In the 20th century, such great thinkers as Nikola Tesla, Albert Einstein, Bertrand Russell, Karl Popper, Marshall McLuhan and many others too numerous to mention have all embraced scale-free thinking. They didn’t just imagine that we are all connected, which is possibly one of the earliest of ideas. They specifically believed that the same kinds of relationships exist at every scale. Telsa once said your body is connected to your finger in the same way as you are connected to your friend. Humanity can equally be perceived as a batch of genes, a collection of individuals, a set of groups, or as a single entity. We exist at all these scales, all at once.
The scale-free point-of-view cuts across the ethical argument of individual versus collective good, rendering it obsolete. After all, nature consistently displays both individualistic impulses and social impulses, at every scale of the biological hierarchy.
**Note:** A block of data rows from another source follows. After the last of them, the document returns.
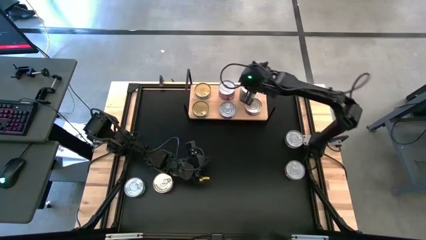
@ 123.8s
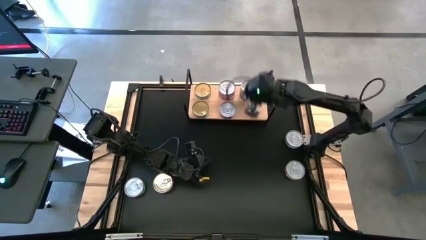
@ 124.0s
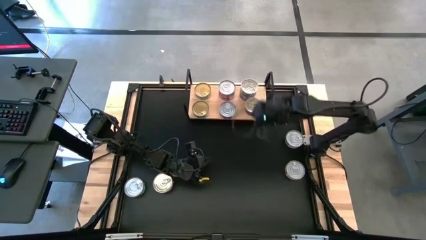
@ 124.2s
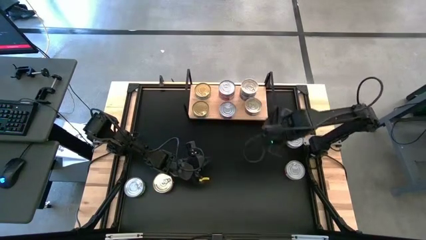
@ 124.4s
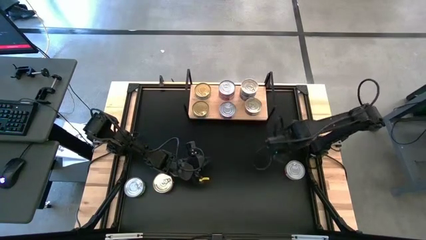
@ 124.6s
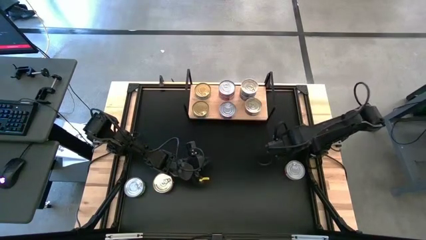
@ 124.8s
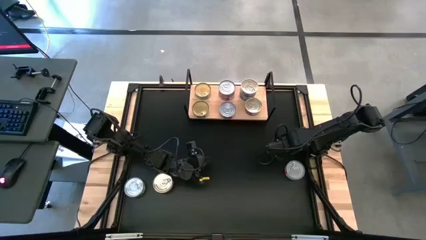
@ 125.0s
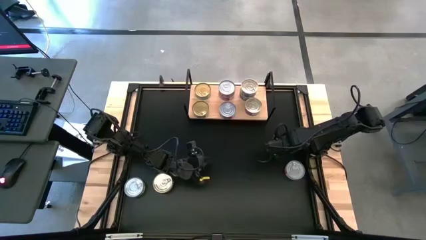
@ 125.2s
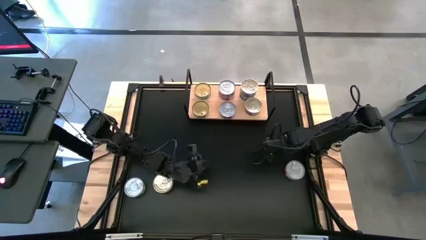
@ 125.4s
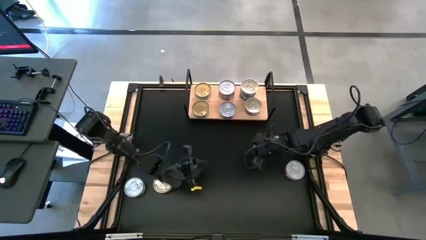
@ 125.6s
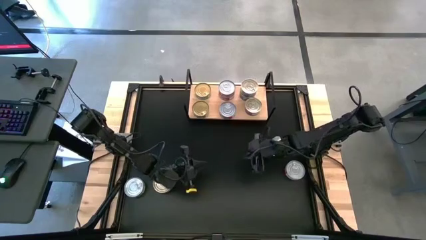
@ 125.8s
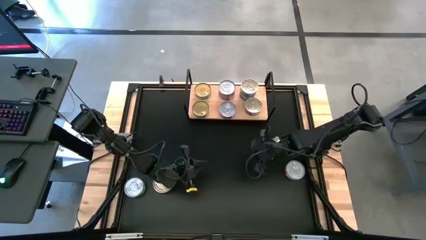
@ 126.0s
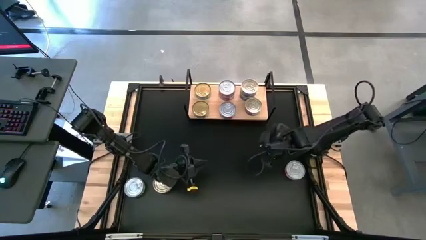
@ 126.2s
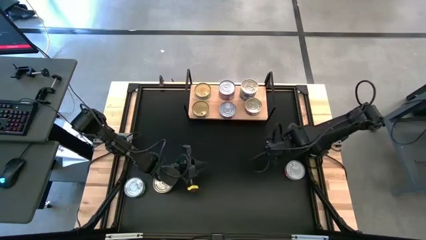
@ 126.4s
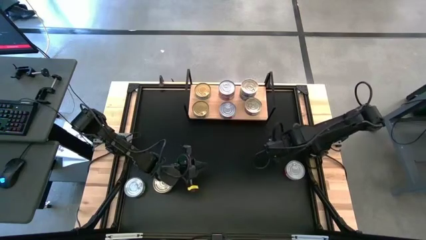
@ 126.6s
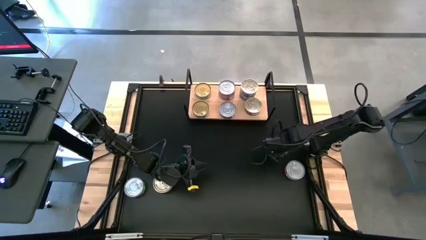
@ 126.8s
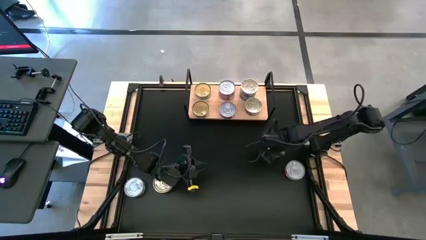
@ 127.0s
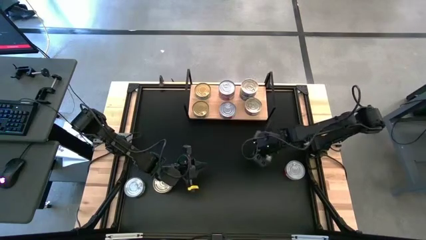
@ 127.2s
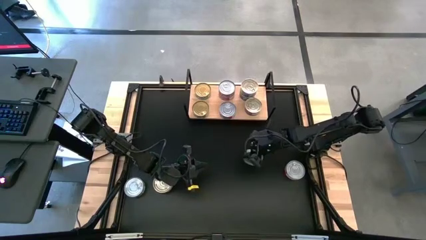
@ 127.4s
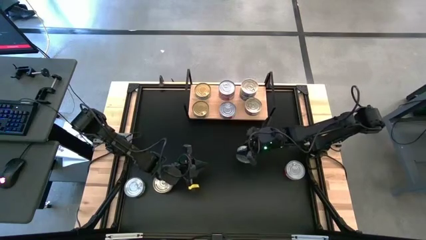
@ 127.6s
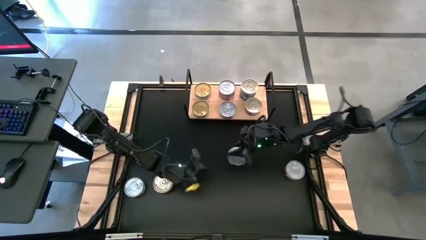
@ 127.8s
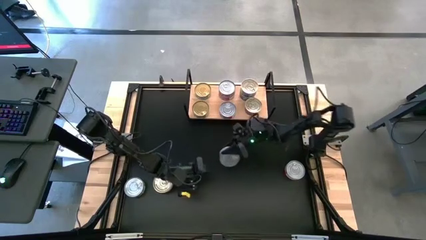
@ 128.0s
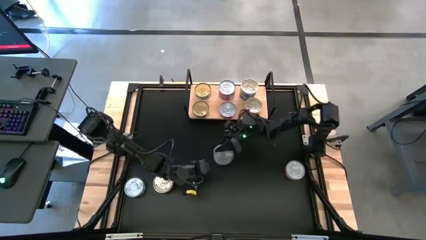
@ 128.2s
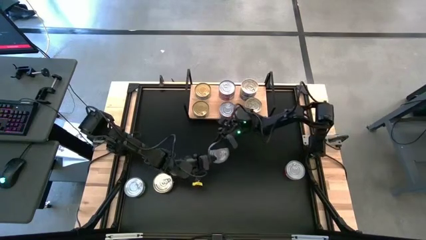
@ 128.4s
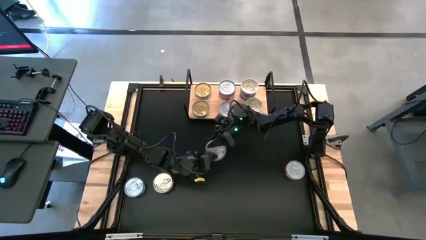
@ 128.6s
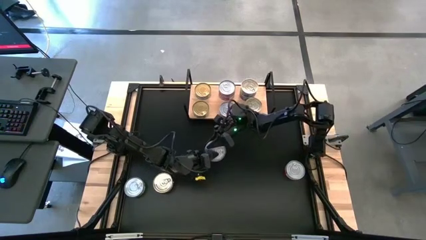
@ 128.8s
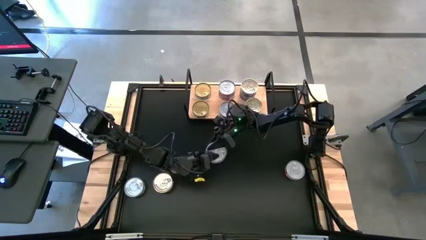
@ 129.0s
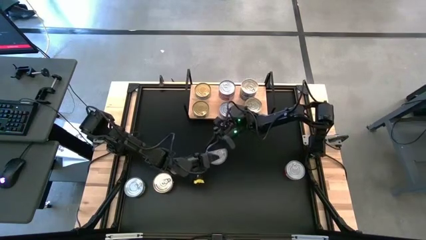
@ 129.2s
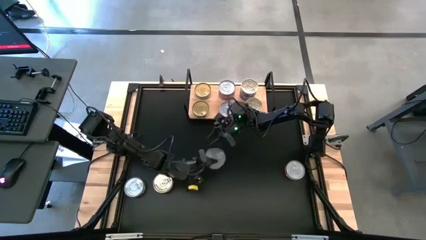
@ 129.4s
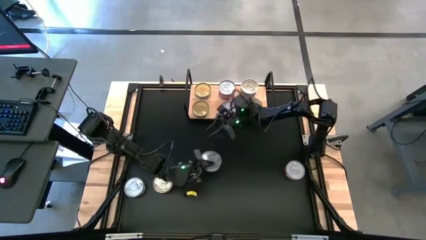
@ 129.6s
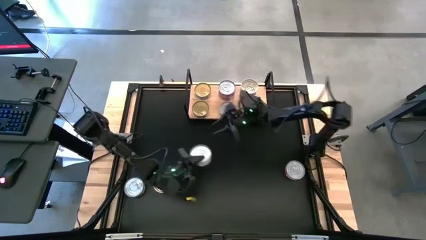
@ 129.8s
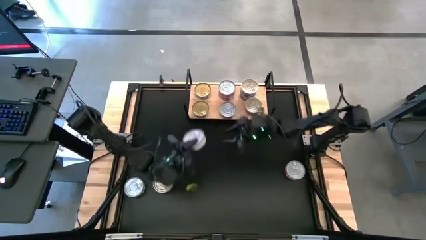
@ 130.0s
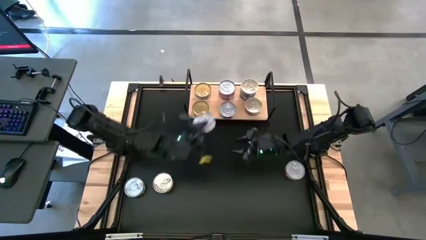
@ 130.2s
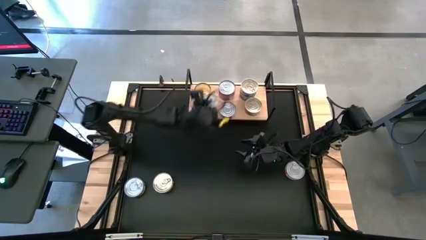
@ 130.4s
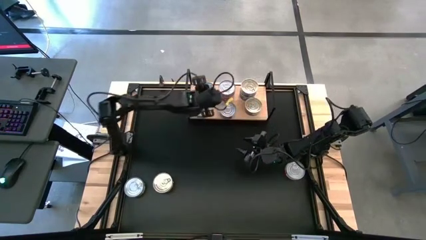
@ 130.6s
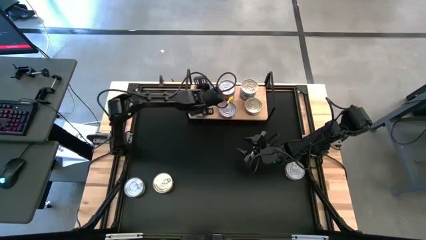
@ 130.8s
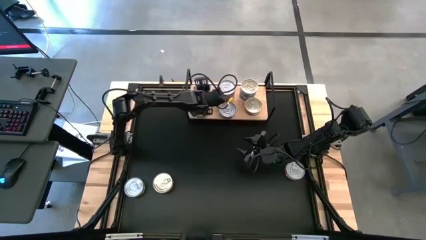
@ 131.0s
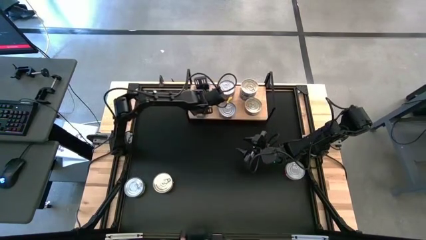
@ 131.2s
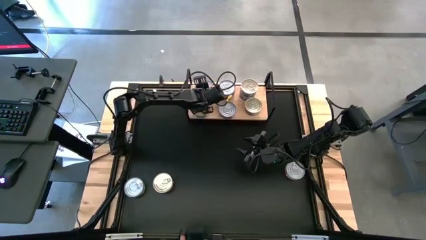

Both types of behaviour are necessary for life to form and grow and evolve – there is no perfect mold, no correct answer. Any group when taken as a whole can be considered a higher-order individual, and any individual when magnified can be seen as a lower-order group. Lean too far one way and we lose our free will, too far the other way and we destroy the planet. Scale-free thinking enables us to address this dichotomy, and find a middle ground, even as that ground keep moving.
As regards the Connective Hypothesis, it may seem that both collectives and connectives are scale-free. After all, collectives are hierarchies-of-hierarchies and connectives are networks-of-networks. My icon for collectives even looks like the Sierpinski triangle. But this is not so, collectives are not scale-free. When I use the term collective, I am specifically referring to top-down bureaucratic structures or imposed hierarchies. Top-down structures cannot be truly scale-free, exactly because they have a top. It is impossible to force an emergent pattern, it must in fact emerge.
Scale-free systems must evolve from the bottom-up. From an initial set of conditions and using some simple rules, they feed back on themselves over and over and over again, spiraling outwards and upwards. The natural world is built in layers and we are built in layers, and we organize ourselves in layers. But these are not layers of command-and-control, they are layers of emergent complexity. Like life itself, truly scale-free systems cannot be designed, they must be evolved.
Ultimately, scale-free thinking lets us better understand how we relate to each other and to the natural world. Although today our scale-free distributions are not ideal, we came to them by accident rather than by design. As our understanding grows, it will enable us to create models and systems that promote equilibrium with nature and perhaps social equality as well.
When trying to build systems that work the way nature intended, you should think like the Mofu. Think scale-free.